Sunday, October 4, 2020

Borders: Tickets, Please

Tickets, Please, draws it inspiration from the train journey that connects Colchester and Ipswich. The train ticket allows us to cross over the border. It is elevated above what it is, a piece of card and it becomes something that give your access to a service. In a similar way, with this piece I am also elevating a piece of card to something else, a piece of work that exists in the art world.

The work draws on the train ticket as a symbol and hints at the original with the use of replicating the size, shape and lines of an original. I wanted the work to be recognisable but not to be a copy a when working with reproductions something from original is always lost (Benjamin, 2015) and so I wanted to avoid this by taking inspiration and elements, rather than the train ticket as a whole. 

The medium has been chosen to add a DIY quality and uniqueness to the objects, something that their inspiration lacks. As train tickets are mass produced and computer generated. This addas a human element to the aura of the artwork and is fitting to my art practice.

The work itself is sculptural – not 2D. It is intended to exist laying on a surface, preferably the floor – where it seems from experience most train tickets end up (or at least it seems that way!). There are parallels here too to the train station floor and the gallery floor, they are both spaces that are overlooked in everyday life, which is another reoccurring theme in my practice, the Duchampian unchoice territories (O’Doherty, 1986).
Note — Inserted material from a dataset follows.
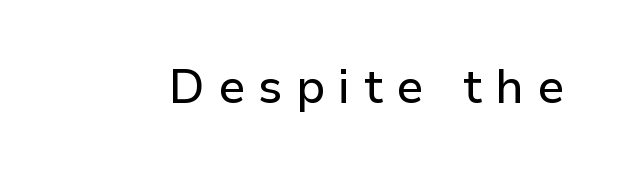
Nope, not italic — everything's standing straight. Any mark beneath the type? The region is blank. Check where the strokes stop: nothing finishes them off — pure sans. These lines are rendered in a variable-pitch font. The horizontal fit of the characters is loose and conspicuously gappy.
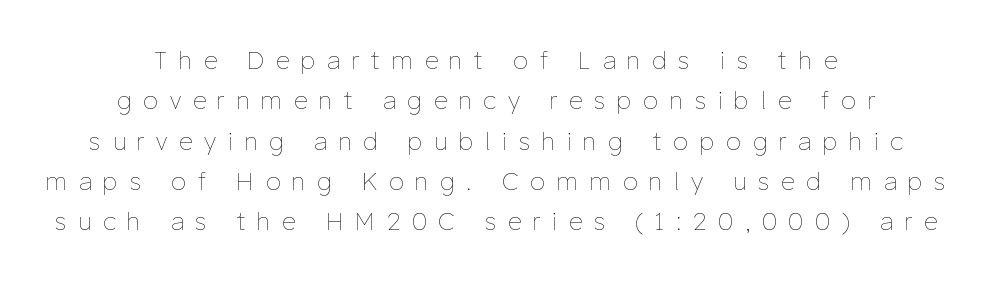
Stems and bowls with no extra thickness — not bold. The words here are not underlined. The lettering stays uniformly vertical, giving the passage a roman look. Is the block centered? Yes — each line is placed symmetrically about the middle. Does the leading feel generous? No, just average. Here the glyphs are tracked loosely, breaking word shapes into spaced letters.

There is an intended simplicity here which helps give the audience immediate access to the work (Stiles and Selz, 2012). Just by putting something on the floor, draws attention to it, make it similar to the everyday encounter of the original train ticket and that experience of looking down at it (Virilio, 2010) and helps to replicate a moment from real life. It allows me to try and emulate that immediacy and experience of being in the moment and spotting something (Hayward, 2004).

The text on the tickets is taken from the letter coding used for each location within the context of the railways system.

It uses, as all of my art does, our shared language (Wittgenstein, 2007) and social facts (Burke and Crowley) – in this case social facts specific to train stations (COL instead of Colchester / IPS instead of Ipswich). All language aims at communicating something (Delacroix, 1924 in Ullmann, 1962) and

my use of linguistics within the artwork (both of the text and the title) sets out to communicate notions around train stations, to engage the mind of the viewer and take them to that train station context (Saussure, 2013, p19).


A picture of an art installation
Tickets, Please at Firstsite

The work itself has changed since its inception, in meaning and in placement. I used to travel by train between Colchester and Ipswich three times a week for work – the pandemic ended that, and now I do not even work there and never returned before I left due to home working. This now represents a moment from my past, whereas when it was created it was my present. The work too changed once in situ at Firstsite, with photos showing slight movement in placement, something you come to expect with floor-based works.


References

 

Benjamin, W. (2015) Illuminations. London: Penguin.

Burke, L. and Crowley, T. (2000) The Routledge language and cultural theory reader. London: Routledge. (The Politics of Language).

Hayward, K. (2004) City Limits: Crime, Consumer Culture and the Urban Experience. Routledge-Cavendish.

O’Doherty, B. (1986) Inside the White Cube. University of California Press.

Saussure, F. (2013) Course in General Linguistics. Duckworth; New edition.

Stiles, K. and Selz, P. (2012) Theories and Documents of Contemporary Art: A Sourcebook of Artists. University of California Press

Ullmann, S. (1962) Semantics: An introduction to the science of meaning. Oxford: Blackwell.

Virilio, P. (2010) Art as Far as The Eye Can See. London: Bloomsbury.

Wittgenstein, L. (2007) Lectures and Conversations on Aesthetics, Psychology and Religious Belief. ed. Cyril Barrett. Berkeley and Los Angeles: University of California Press.